Ленин придвинул свой стул поближе ко мне. Я подумал, что он хочет разобраться со всеми идеями, так, чтобы ни одна из них не пропала здесь, сейчас. Однако он хотел выяснить, какие мысли есть у меня. У него была манера устремлять на собеседника свои вопрошающие, пытливые, почти ироничные и в то же время проницательные, проникающие насквозь татарские глаза, и, задавая вопросы, он выкачивал факты у собеседника. Как однажды сказал Боб Майнор, Ленин «заставлял другого человека трепать языком, в то время как сам навострял уши». (В то время анархист Майнор вел себя враждебно и попытался припереть к стенке Ленина в одном из интервью. Однако это оказалось первым поражением Боба, который ему нанес коммунизм, вскоре ему пришлось отложить в сторону кисть и уголь и отдать все свое время изучению политики коммунистической партии. Таким образом страна потеряла одного из своих лучших художников-мультипликаторов.)
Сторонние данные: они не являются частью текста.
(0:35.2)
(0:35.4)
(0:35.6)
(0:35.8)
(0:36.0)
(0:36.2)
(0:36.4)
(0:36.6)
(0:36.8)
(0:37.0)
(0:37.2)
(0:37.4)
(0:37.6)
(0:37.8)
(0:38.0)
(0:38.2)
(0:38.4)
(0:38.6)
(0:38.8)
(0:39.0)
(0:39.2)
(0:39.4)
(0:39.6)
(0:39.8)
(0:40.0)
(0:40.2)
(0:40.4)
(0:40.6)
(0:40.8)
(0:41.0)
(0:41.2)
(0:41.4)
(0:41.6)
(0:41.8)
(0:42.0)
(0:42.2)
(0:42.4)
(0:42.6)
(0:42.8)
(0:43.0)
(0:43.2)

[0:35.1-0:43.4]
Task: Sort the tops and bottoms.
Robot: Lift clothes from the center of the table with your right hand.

Другие корреспонденты, с кем я сравнивал свои записки, имели столь же печальный опыт. Мы могли быть репортерами, но Ленин был главным репортером и всегда одерживал верх.
И таким образом оказалось, что меня расспрашивают об американских инженерах и ученых («Они нужны нам тысячами»). Казалось, я говорил Ленину больше, чем сам знал об инженерах и ученых, – эти факты я собрал и забыл, но теперь он вытянул их у меня из подсознания (тогда это слово еще не было в моде). И потом, не задавая мне больше вопросов, он придвинув стул еще ближе ко мне, отчего мне отчаянно захотелось разделить с ним его энтузиазм.
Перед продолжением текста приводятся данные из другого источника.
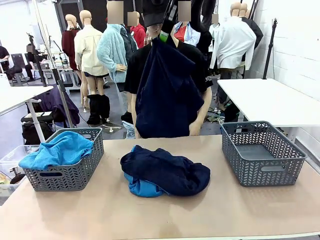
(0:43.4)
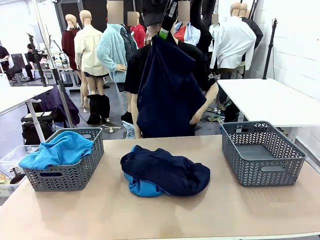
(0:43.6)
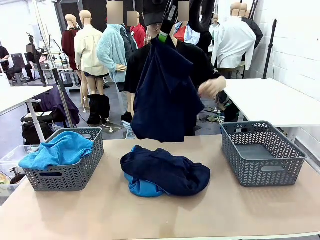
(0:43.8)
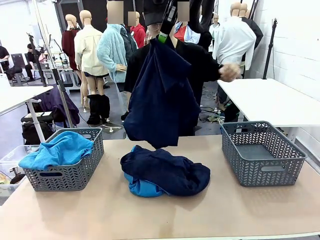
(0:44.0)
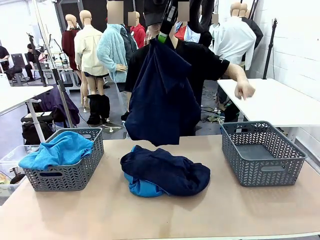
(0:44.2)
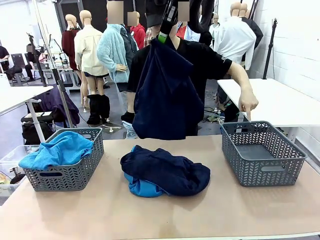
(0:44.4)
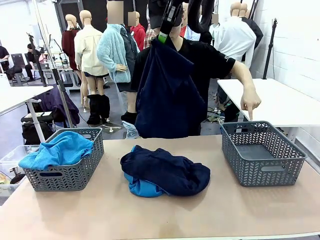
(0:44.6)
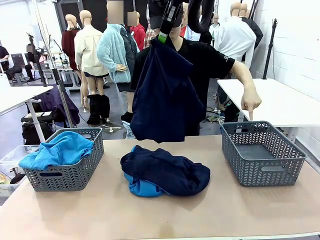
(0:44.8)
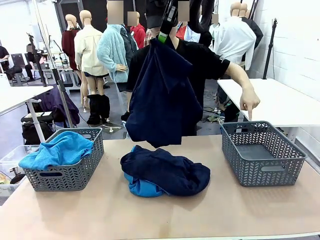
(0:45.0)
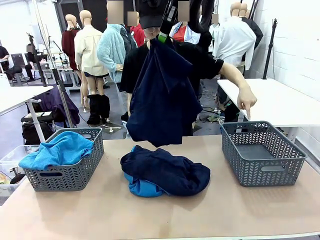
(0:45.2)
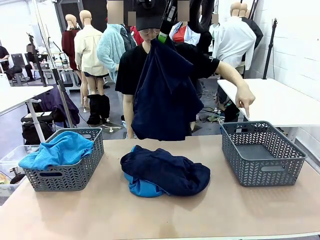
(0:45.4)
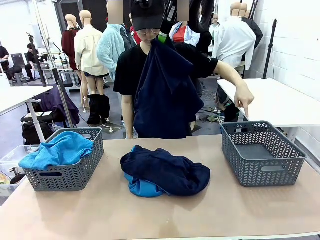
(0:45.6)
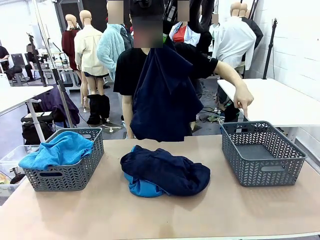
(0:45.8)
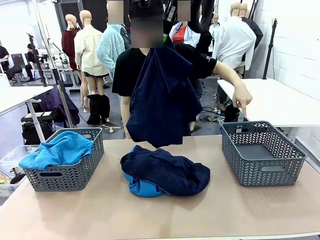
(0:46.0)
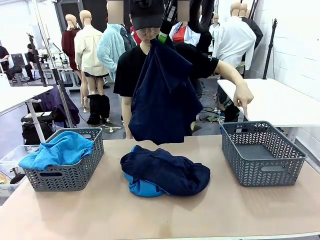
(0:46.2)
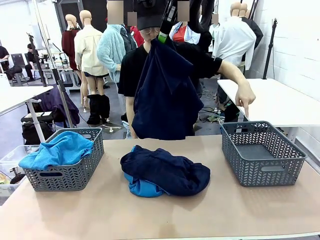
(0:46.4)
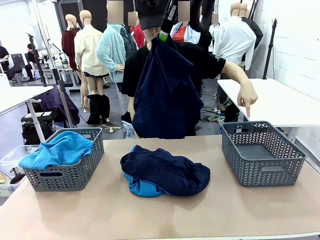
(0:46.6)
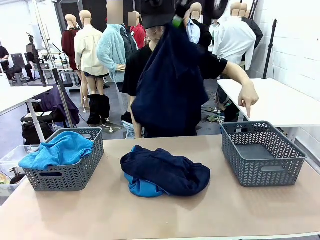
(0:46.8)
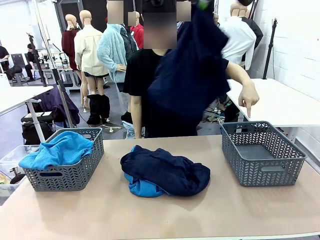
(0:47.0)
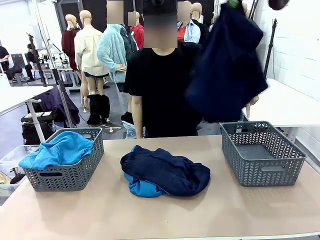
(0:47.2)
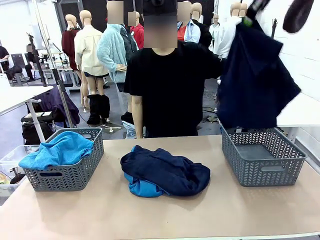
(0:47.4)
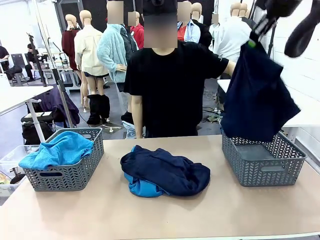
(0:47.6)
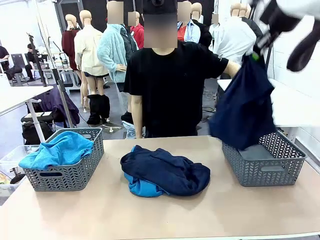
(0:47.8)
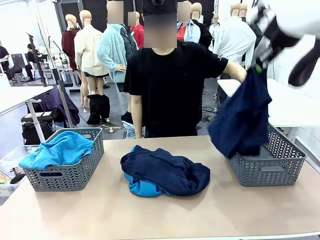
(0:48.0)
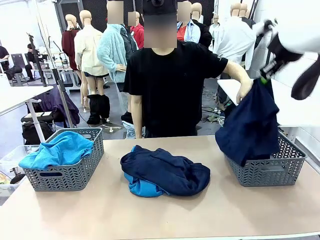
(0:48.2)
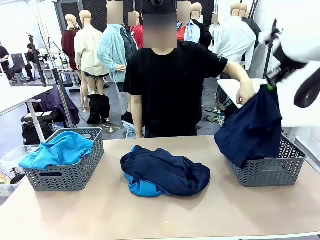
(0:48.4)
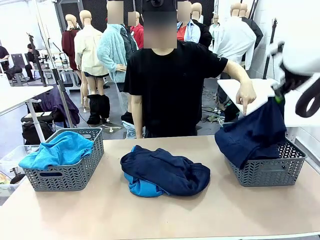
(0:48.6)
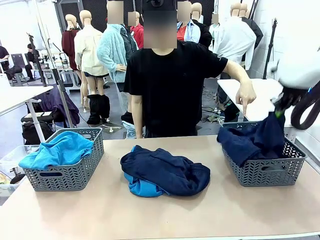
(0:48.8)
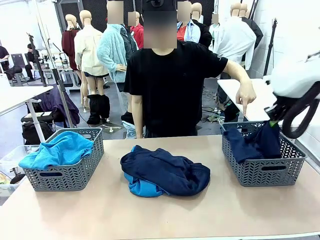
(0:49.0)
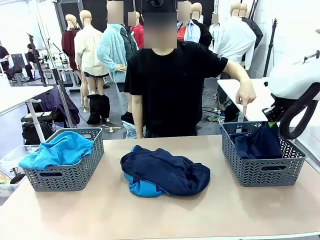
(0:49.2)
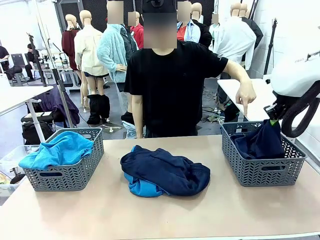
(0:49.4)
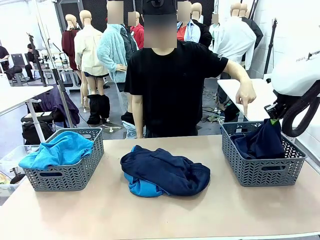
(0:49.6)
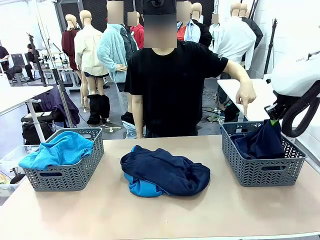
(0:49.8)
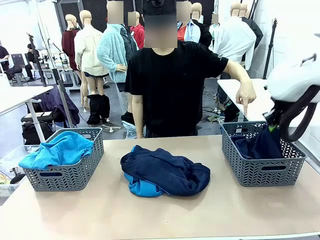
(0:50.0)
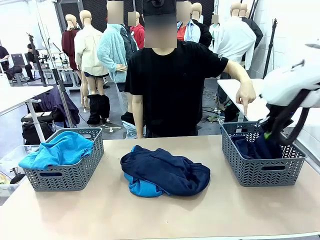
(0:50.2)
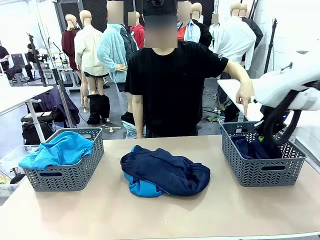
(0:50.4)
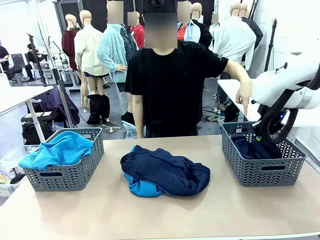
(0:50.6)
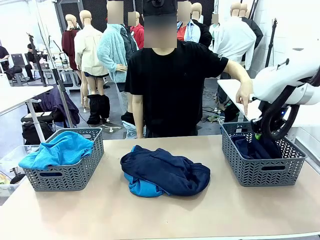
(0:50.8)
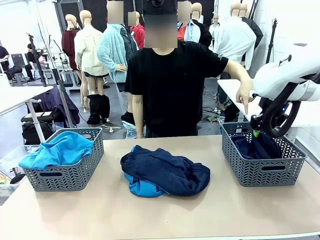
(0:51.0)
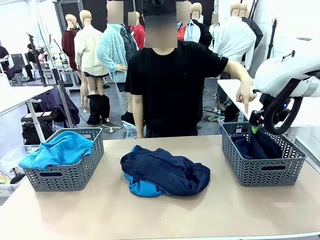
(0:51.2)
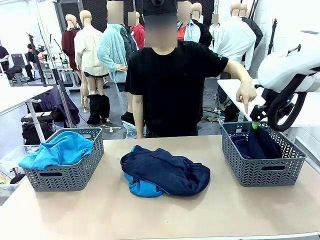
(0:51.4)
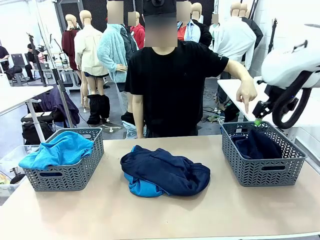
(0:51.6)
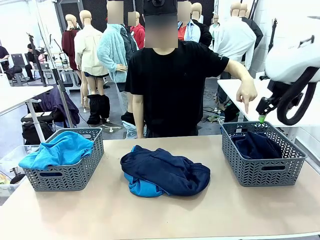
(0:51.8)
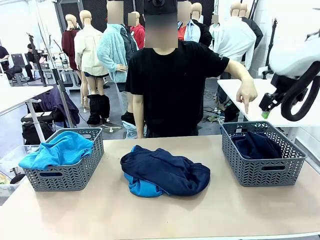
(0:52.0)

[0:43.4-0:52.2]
Robot: Sort the clothes according to human instructions.

Если Ленин был ненасытным почемучкой, он также ненасытно мог слушать – до тех пор, пока человек говорил нечто, что стоило его внимания. Когда человек, говоривший с Лениным, выдавал все свои идеи, то начинался другой рассказ. Наступала очередь Ленина. Он был готов обсуждать ситуацию в Америке, развитие социализма и то, какие факторы в американском обществе могли бы повлиять на отношения между классами. Увы, у меня не было никаких блестящих идей по этому поводу. На самом деле с теоретической точки зрения у меня вообще не было никаких идей. И как обычно, когда Ленин понял, что у меня нет ни идей, ни информации, которую стоит выслушать, он взял инициативу на себя.
По какому-то вопросу Ленин и Кунц рассуждали на беглом русском и немецком языках, и я позволил своему мозгу отдохнуть. Я вспоминал, что говорил мне Робинс. Ленин, говорил он, был особенно привязан к двум идеям – Арктике и электрификации. Когда Робинс насытил Ленина своими байками об опыте золотопромышленника на Клондайке, тогда он почувствовал, что может перейти с особым энтузиазмом к другой теме – например, к религии. Когда ему показалось, что Ленин начал проявлять нетерпение, Робинс подбросил ему один-два факта насчет электрификации и вновь завоевал его интерес. Когда я упомянул об этом Гумбергу, он сказал с заметным ликованием:
– Да, но в последний раз, когда Робинс заговорил о Назареянине и так далее, Ленин обезоружил его тем, что внимательно его выслушал, а потом сказал: «Легко понять, почему такие поверья так привлекательны для угнетенных. Маркс глубоко понимал это, когда писал: «Религия – это вздох угнетенного создания, сердце бессердечного мира и душа бездуховных обстоятельств». Робинс, знав только последнюю строку из этой цитаты: «Это опиум для народа», – был немного разочарован. Тем не менее я решил сейчас использовать гамбит Робинса и понять, сколько времени я смогу удерживать интерес Ленина. И когда я получил такую возможность, я прервал поток философской беседы, чтобы упомянуть, что я слышал, что он написал книгу, основанную на его изучении статистики правительства США по сельскому хозяйству. Разумеется, сказал я, он знал о наших маргинальных землях, о наших упорных фермерах, а также о наших огромных владениях, фермерских хозяйствах с их большими урожаями. Я подбросил немного дров насчет читателей социалистической периодики в некоторых бедных районах и перешел на мой опыт в русских деревнях с Янышевым и рассказал, как я опростоволосился перед крестьянами, признав, что у меня нет земли. И пока Ленин смеялся, я задал ему еще один вопрос.
Я сказал, что хотел бы вернуться в Россию, как только это будет выполнимо (я не мог предвидеть, что интервенция продлится до 1920 года, а во Владивостоке – намного дольше) и как только я расскажу своим соотечественникам о революции все, что смогу. К тому времени, как я вернусь, спросил я, будет ли середняк, который, по определению Ленина, был человеком, имеющим пару лошадей, но при этом едва сводивший концы с концами, иметь социалистическое мировоззрение и не станет ли презирать меня за то, что у меня нет «ни одной десятины» земли?